Excerpts from a dataset:
◇ ◇ ◇ ◇

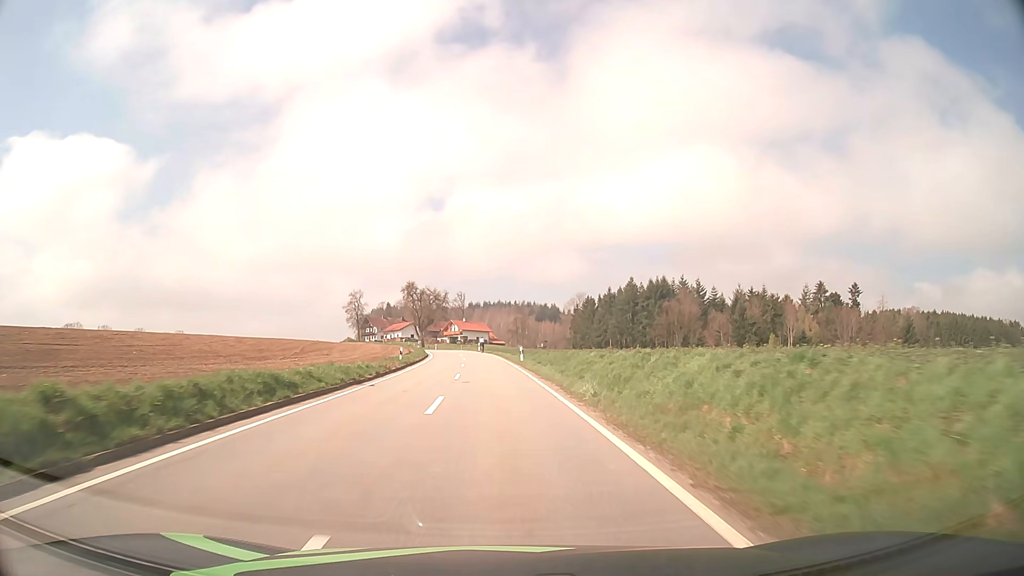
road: tertiary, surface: asphalt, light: Day
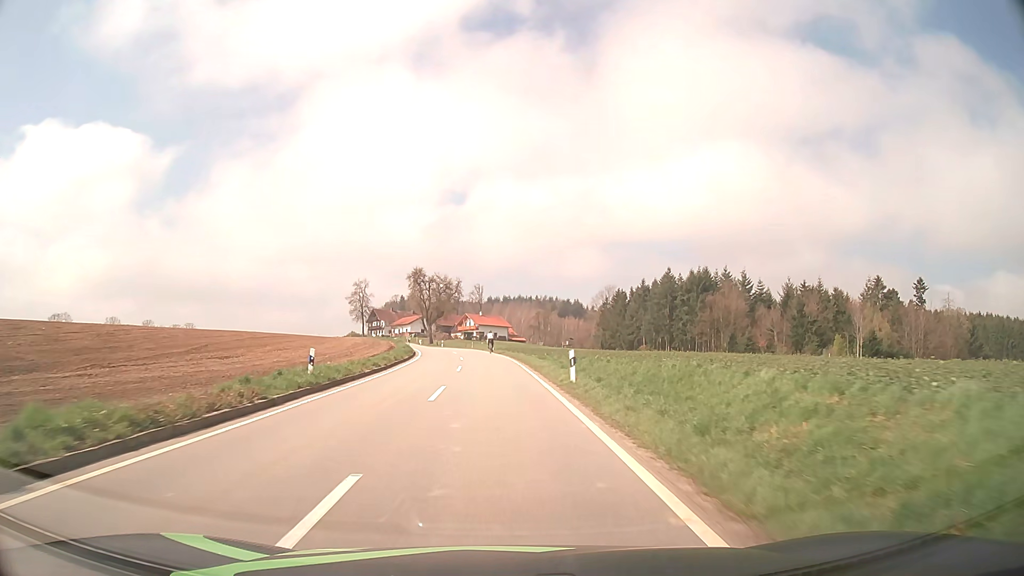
(-0.4, +21.8) m; -2°
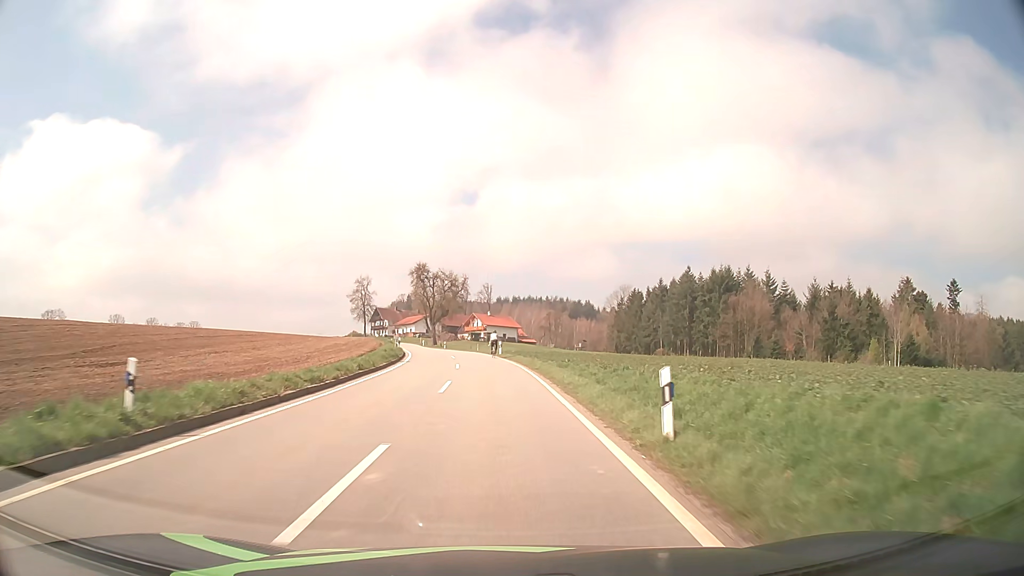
(-0.1, +9.9) m; -1°
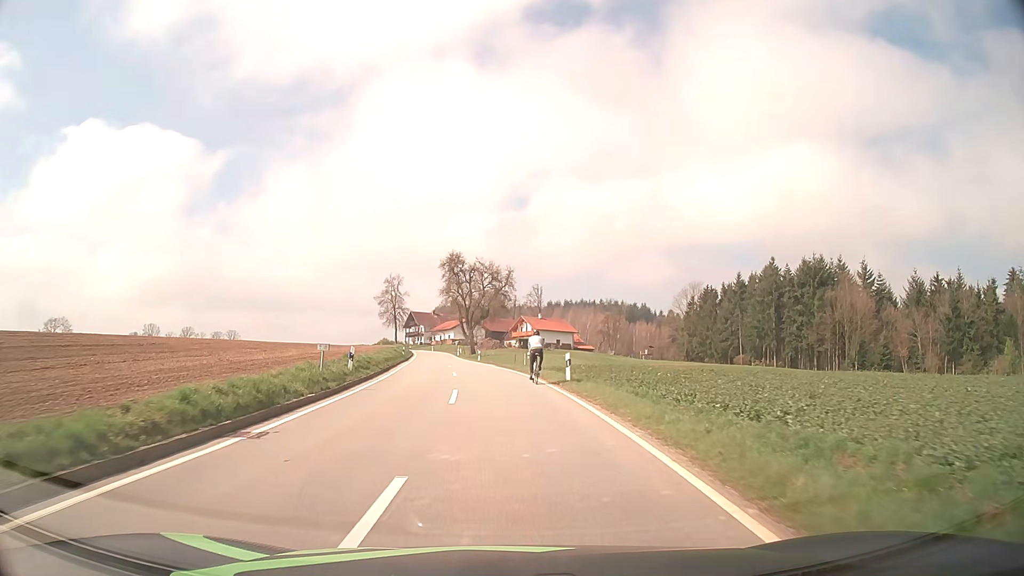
(-0.6, +25.4) m; -4°
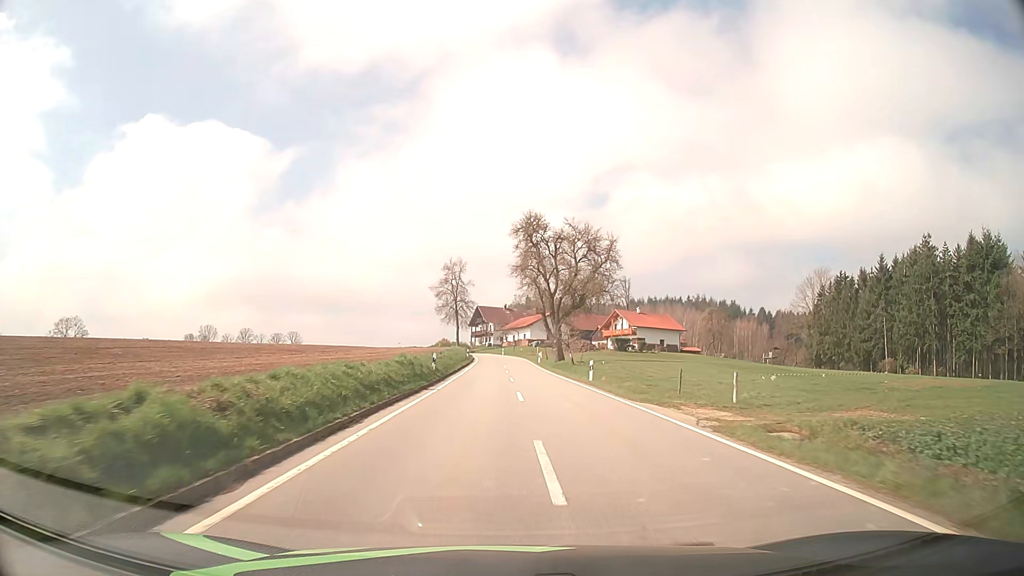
(-2.9, +33.0) m; -6°
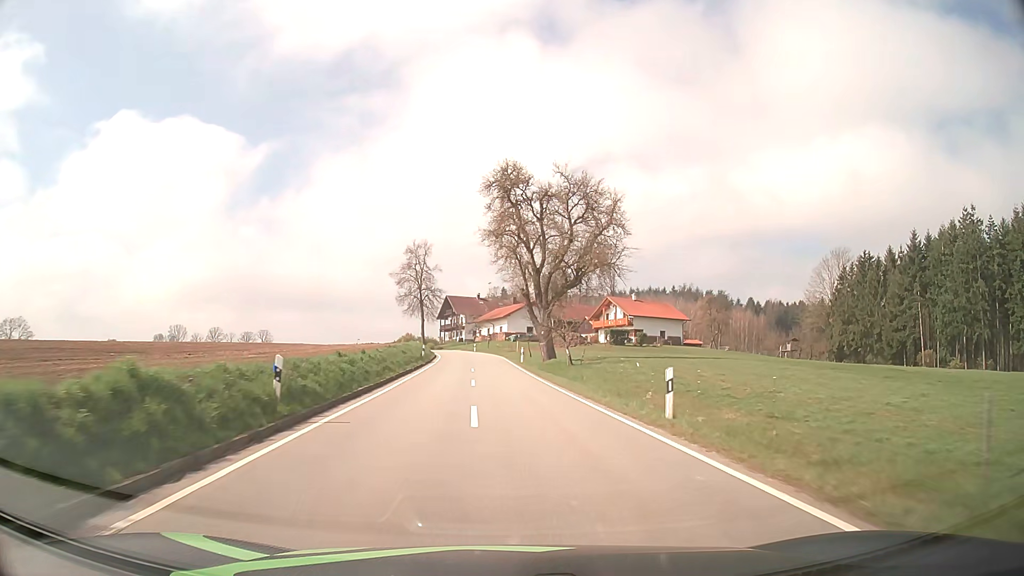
(+0.4, +18.7) m; +2°
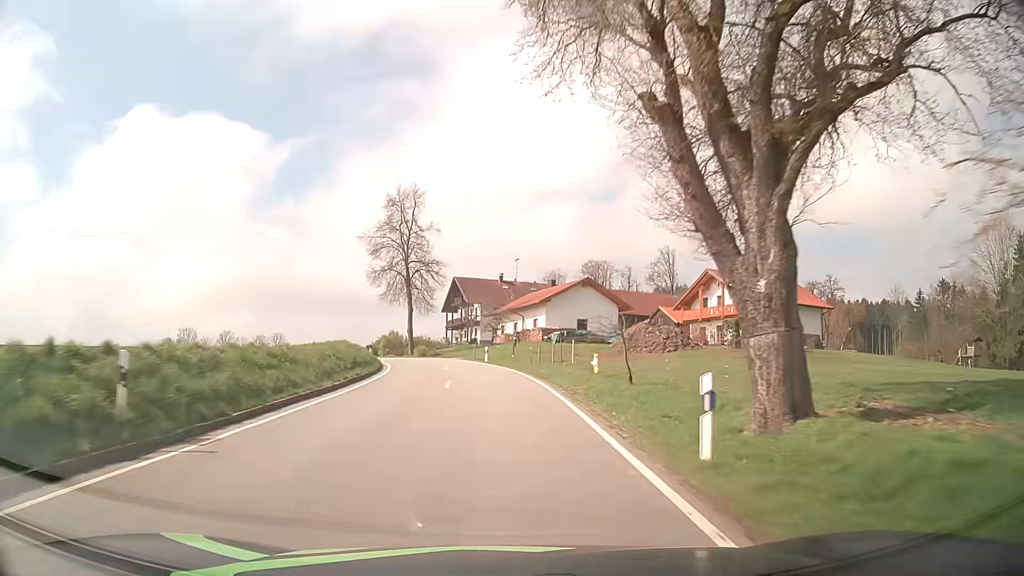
(-0.7, +41.7) m; -3°
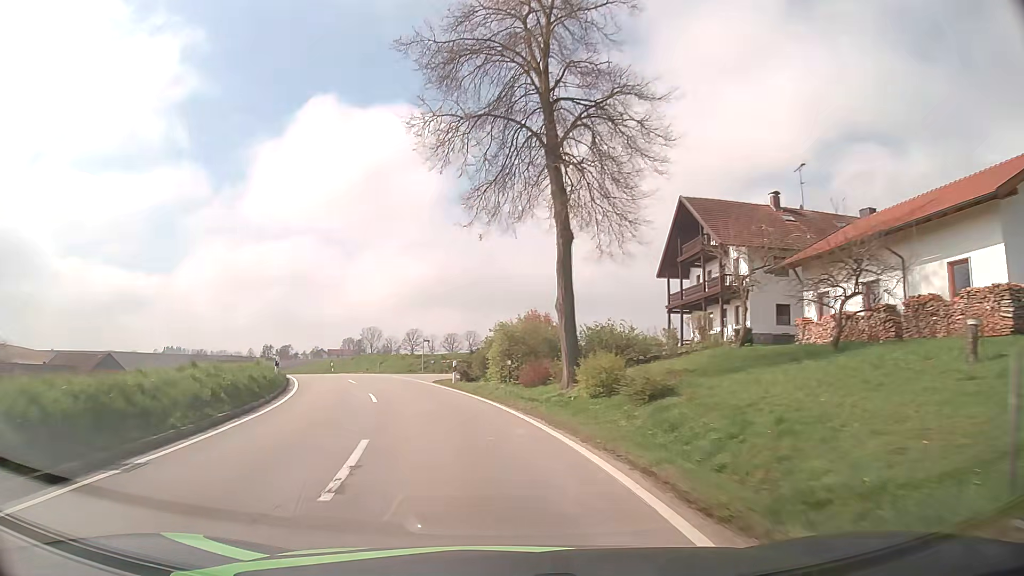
(-4.6, +48.0) m; -17°
(-1, +10) (-2, +20) (-5, +29) (-8, +39) (-12, +48) (-16, +57) (-21, +66) (-26, +75) (-31, +83) (-37, +92) m

◇ ◇ ◇ ◇

What the task requires:
Copy out all the data exactly; skip the pictures.

Task solution:
road: tertiary, surface: asphalt, light: Day
(-0.4, +21.8) m; -2°
(-0.1, +9.9) m; -1°
(-0.6, +25.4) m; -4°
(-2.9, +33.0) m; -6°
(+0.4, +18.7) m; +2°
(-0.7, +41.7) m; -3°
(-4.6, +48.0) m; -17°
(-1, +10) (-2, +20) (-5, +29) (-8, +39) (-12, +48) (-16, +57) (-21, +66) (-26, +75) (-31, +83) (-37, +92) m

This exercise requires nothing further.